She snorts, but doesn’t answer. “Did he force you, Lauren?”

Her voice is monotone as she answers. “Does it matter if he did?”

Fuck. “Of course it matters.” I’ve taught Lauren everything, but this I never thought about. I was quite content telling her of my sexual escapades with glamorous men and women, but it never occurred to me that she would have any interest beyond the theory of it. It’s not like she would have the opportunity. Shame fills me when I think back to what little I’ve taught her about the world. How sheltered she truly is. It’s not my fault that she’s been locked away for so many years, but it’s my fault I didn’t teach her more. Look after her better. I did what I could. It wasn’t enough. I made the mistake of seeing her as an extension of myself. A hidden secret part of me instead of a full bloodied woman in her whole right. If Josh and his friends hurt her, I’ve only got myself to blame.
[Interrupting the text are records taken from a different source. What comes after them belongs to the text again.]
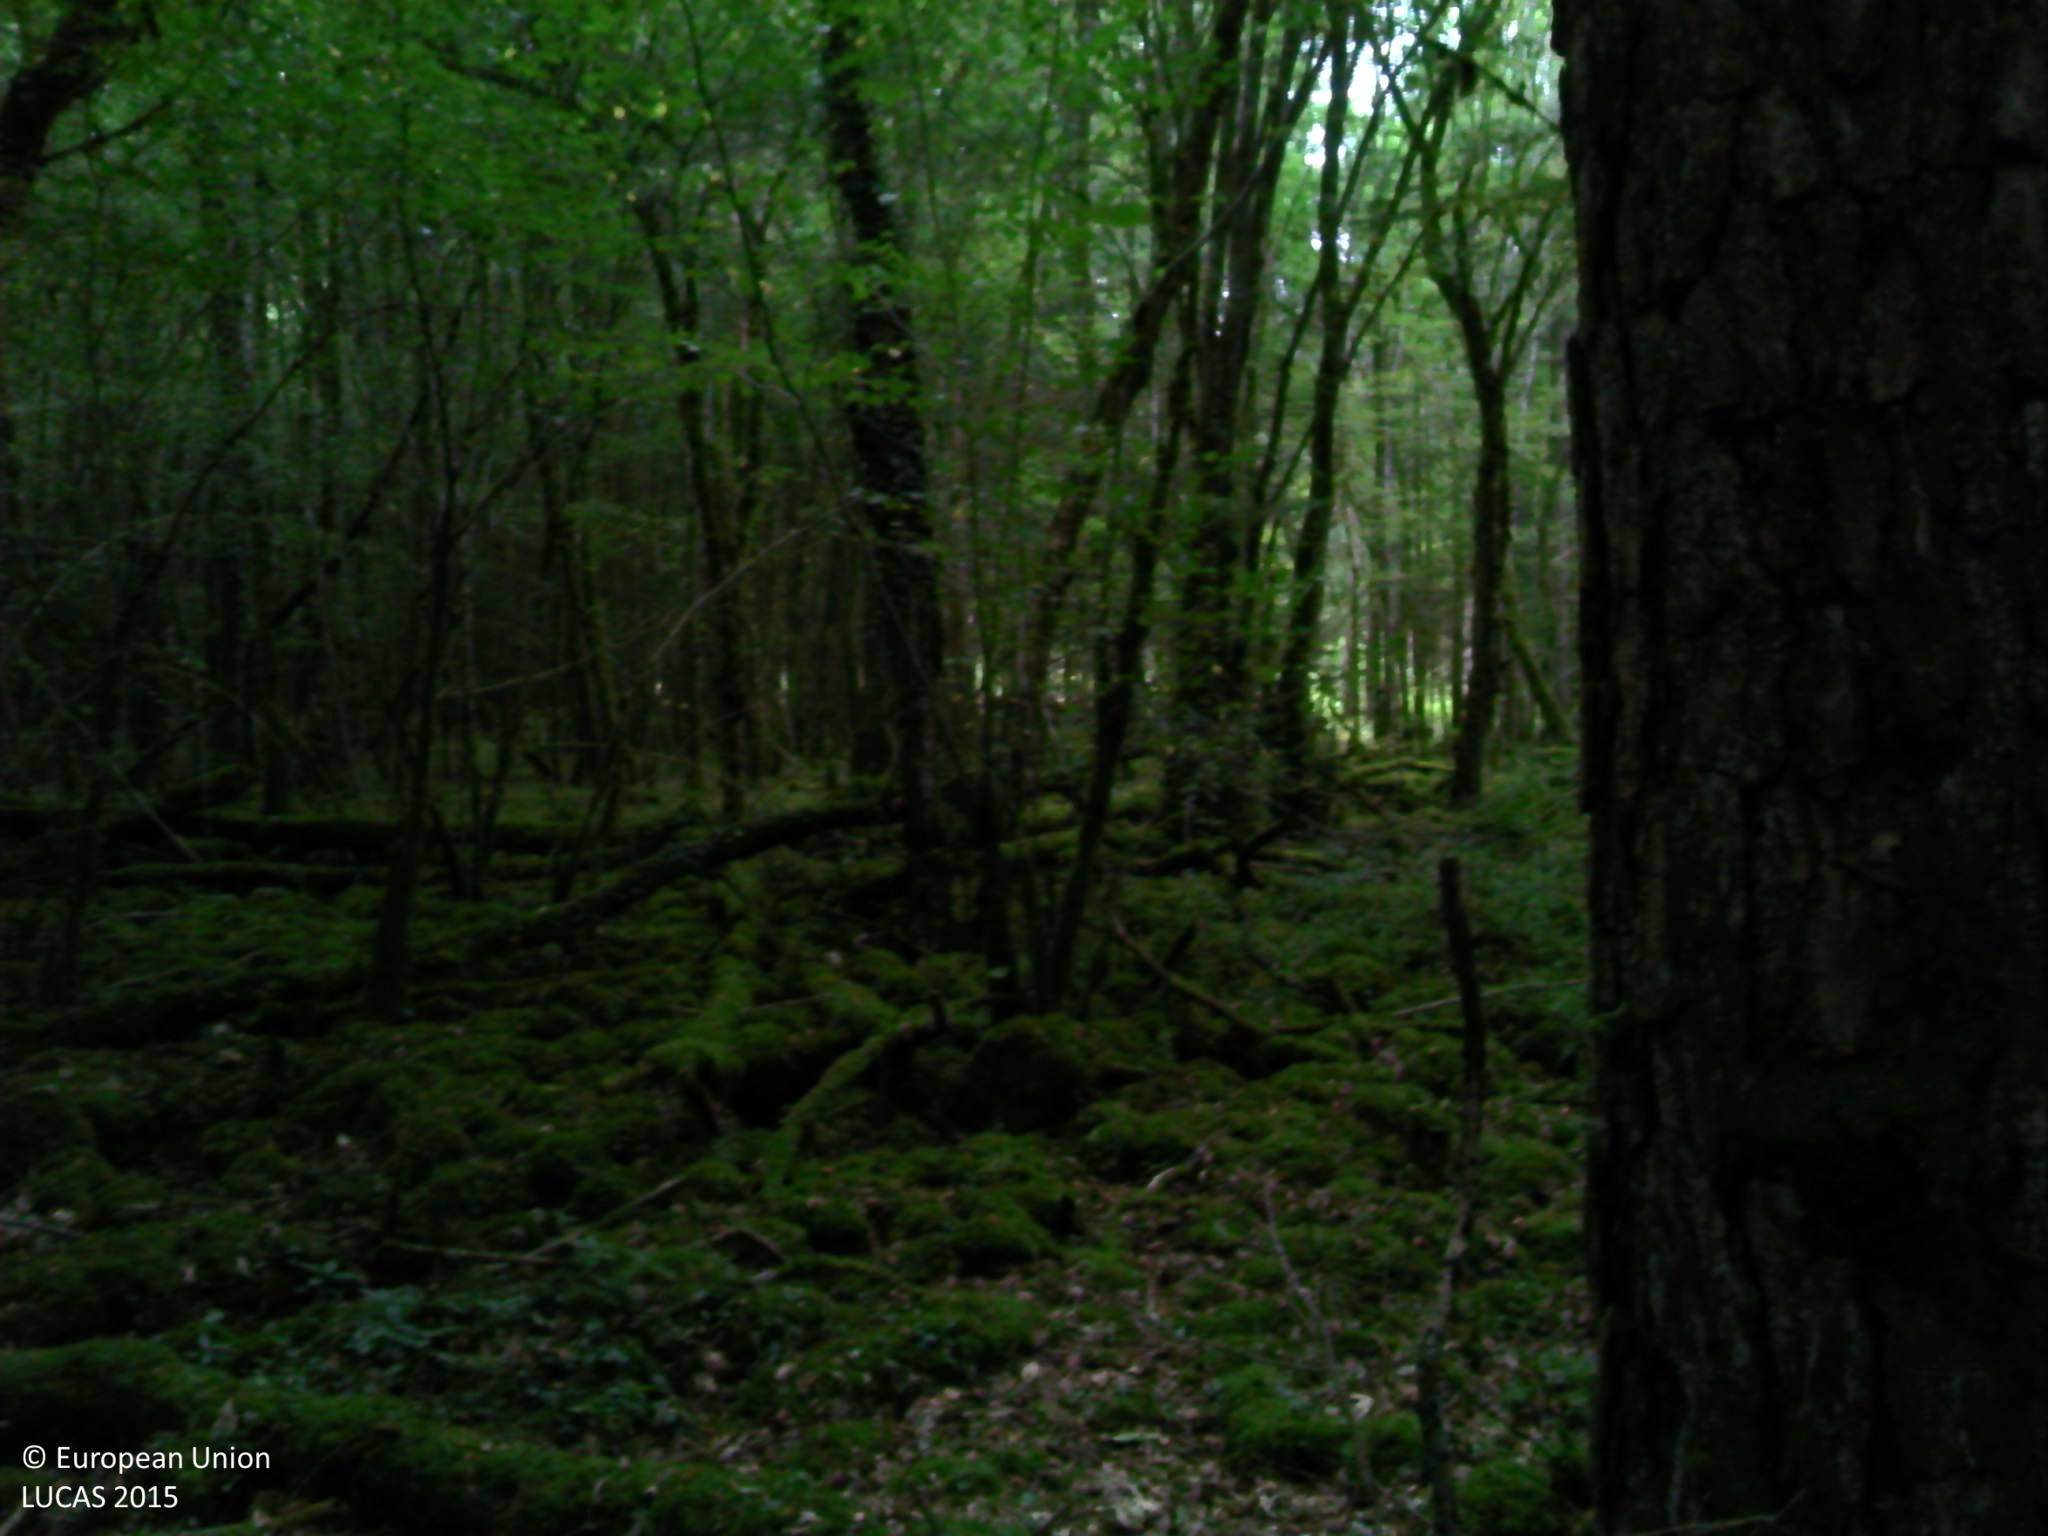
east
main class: Woodland
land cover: Pine dominated mixed woodland
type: hemiboreal forest and nemoral coniferous forest and mixed broadleaved-coniferous forest
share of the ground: > 75 %
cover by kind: coniferous forest trees 45 %, broadleaved forest trees 45 %, herbaceous plants 5 %, lichens and mosses 5 %
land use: Forestry
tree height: > 5 m
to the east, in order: Pine dominated mixed woodland; Rock outcrops; Pine dominated mixed woodland; Spruce dominated mixed woodland; Spruce dominated coniferous woodland; Dry stone walls; Broadleaved woodland; Dry stone walls; Broadleaved woodland; Dry stone walls; Broadleaved woodland; Tracks; Dry stone walls; Spruce dominated mixed woodland; Barley
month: August
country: FR
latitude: 47.7510
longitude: 4.6501

“He didn’t force me,” she whispers. She licks her lips and turns to me. “I wanted him. I was scared, and I didn’t know what to do or how to be. I didn’t know anything, and I certainly didn’t know how to be me, so I became you.”

I knew that. It was obvious when they opened the door that they didn’t know who I was, or at least, they didn’t know who Lauren was. I wonder how Josh must have felt when he first saw me after all these years? He probably felt the same shock I felt when I saw him in the paper. Did he feel the same sense of loss of what could have been? The same heart wrenching pain? The flutters of excitement. Ha. He obviously felt more than flutters. Josh and I finally had sex, and I wasn’t even there. It wasn’t even me.

“Lucy?”

“Hmm?” I reply.

“Please don’t hate me.”

I reach across and take her hand. “I don’t hate you. I don’t hate you at all. I hate myself and I hate Josh for doing that to you, even though you did want it.”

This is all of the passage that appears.